Copy all entries without alteration and skip the pictures they hold.

*** Opening Data under study ***

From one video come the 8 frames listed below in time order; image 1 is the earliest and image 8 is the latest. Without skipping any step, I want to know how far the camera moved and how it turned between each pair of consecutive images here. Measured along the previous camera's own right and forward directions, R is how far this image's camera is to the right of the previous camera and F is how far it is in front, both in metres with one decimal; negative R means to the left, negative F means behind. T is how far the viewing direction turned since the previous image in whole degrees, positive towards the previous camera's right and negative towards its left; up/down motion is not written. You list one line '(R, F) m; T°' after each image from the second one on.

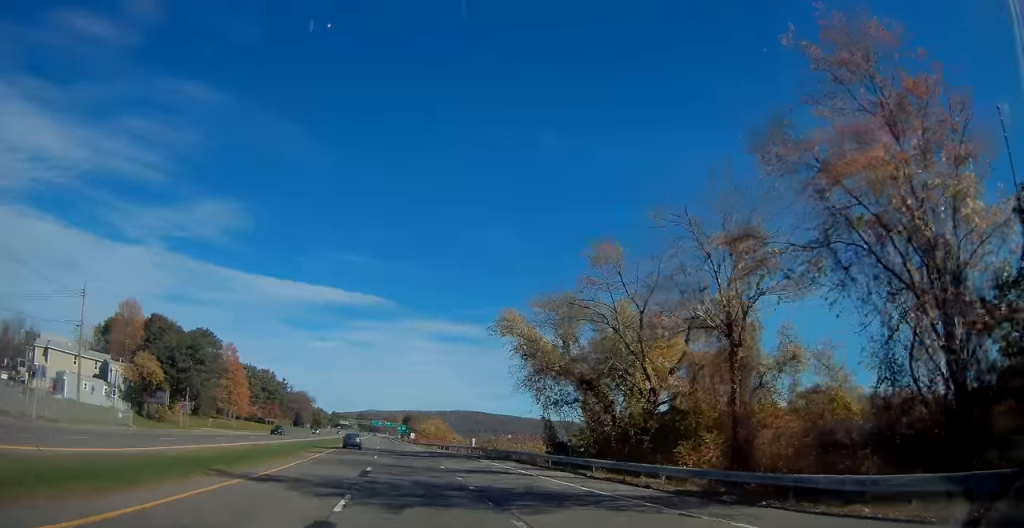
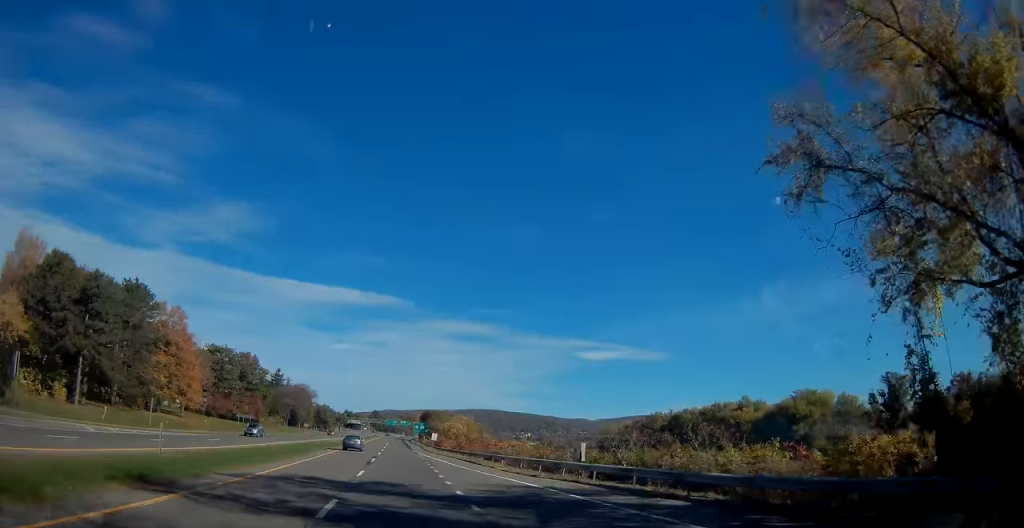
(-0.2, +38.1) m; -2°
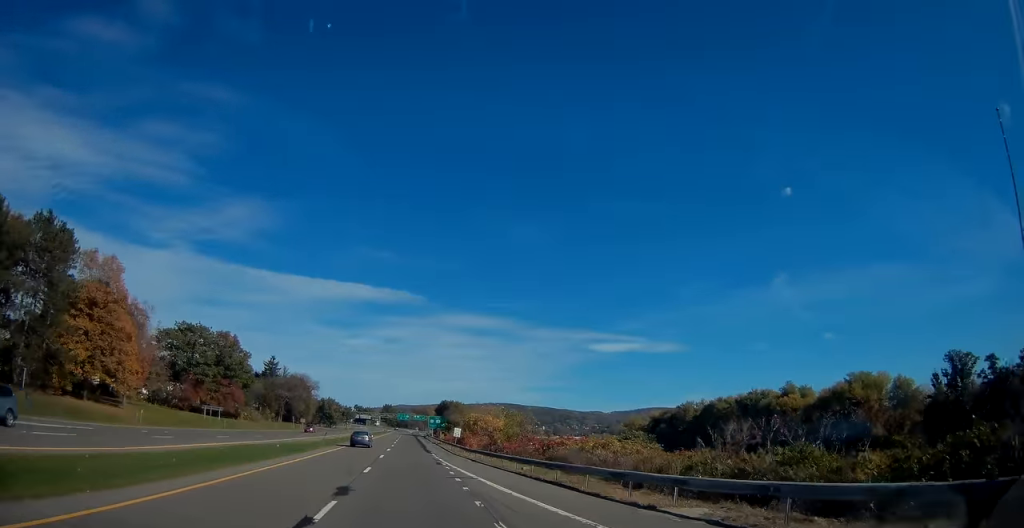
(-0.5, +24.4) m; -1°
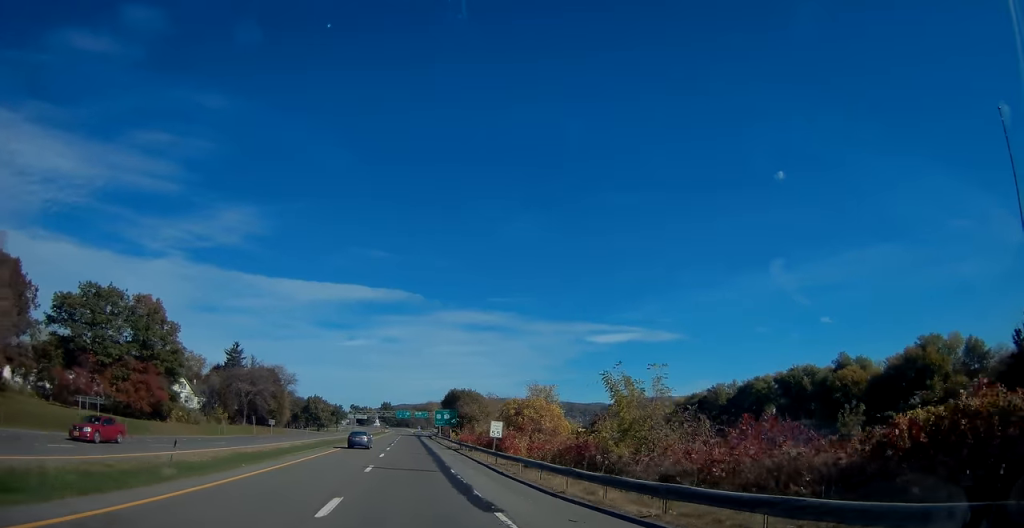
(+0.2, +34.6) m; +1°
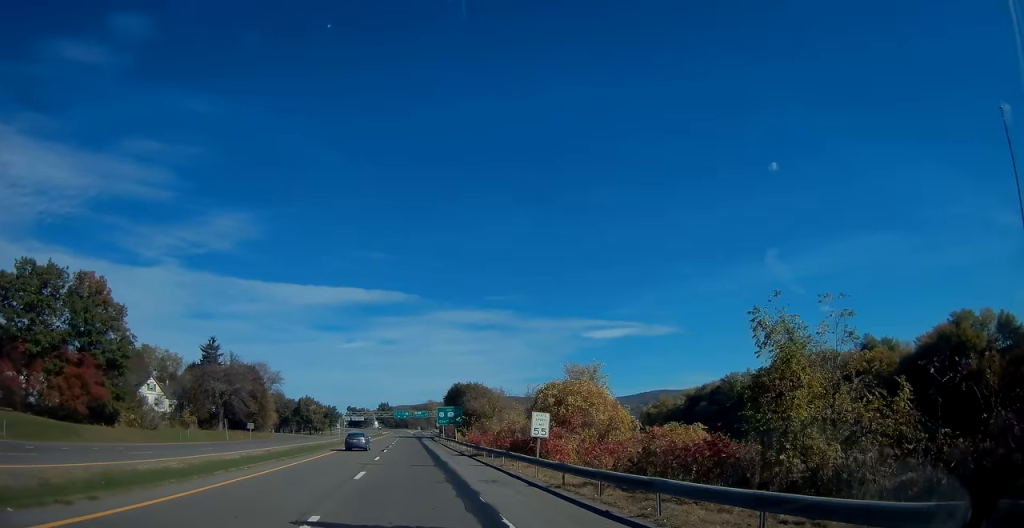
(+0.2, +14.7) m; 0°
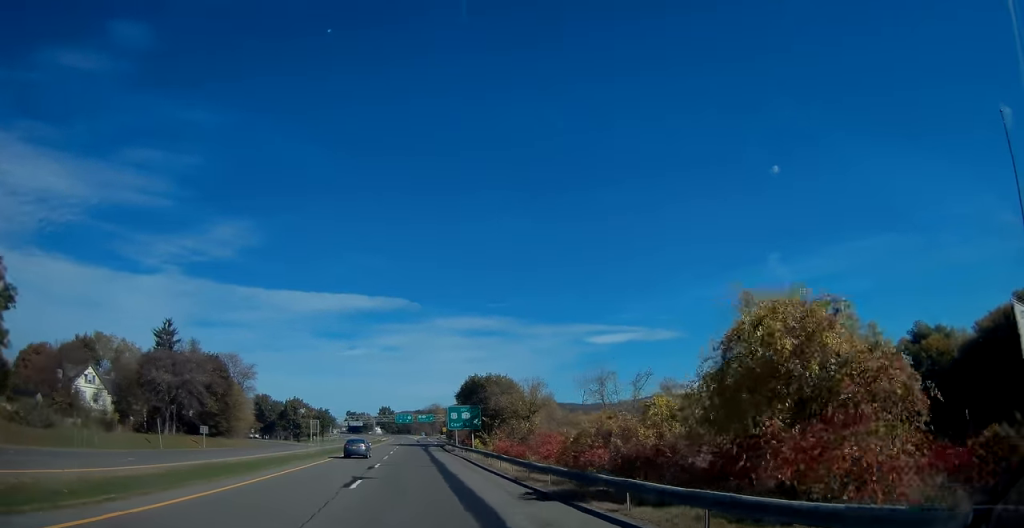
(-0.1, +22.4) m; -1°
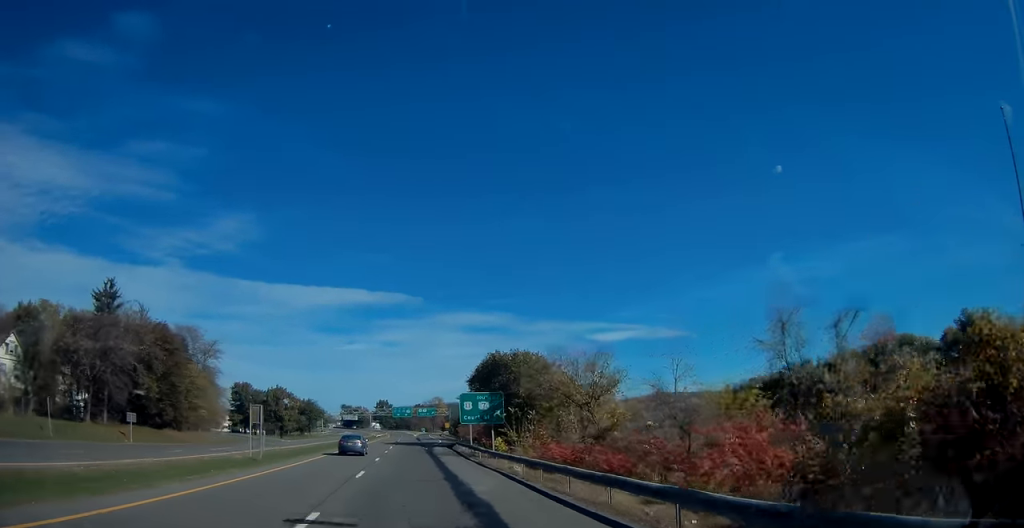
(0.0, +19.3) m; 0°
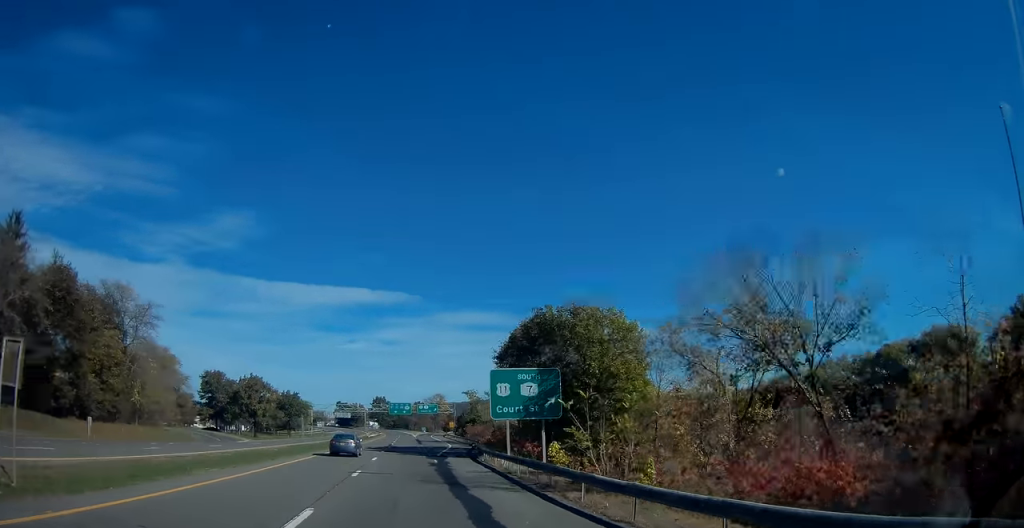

*** Closing Data under study ***

Answer box:
From one video come the 8 frames listed below in time order; image 1 is the earliest and image 8 is the latest. Without skipping any step, I want to know how far the camera moved and how it turned between each pair of consecutive images here. Measured along the previous camera's own right and forward directions, R is how far this image's camera is to the right of the previous camera and F is how far it is in front, both in metres with one decimal; negative R means to the left, negative F means behind. T is how far the viewing direction turned since the previous image in whole degrees, positive towards the previous camera's right and negative towards its left; up/down motion is not written. You list one line '(R, F) m; T°' after each image from the second one on.

(-0.2, +38.1) m; -2°
(-0.5, +24.4) m; -1°
(+0.2, +34.6) m; +1°
(+0.2, +14.7) m; 0°
(-0.1, +22.4) m; -1°
(0.0, +19.3) m; 0°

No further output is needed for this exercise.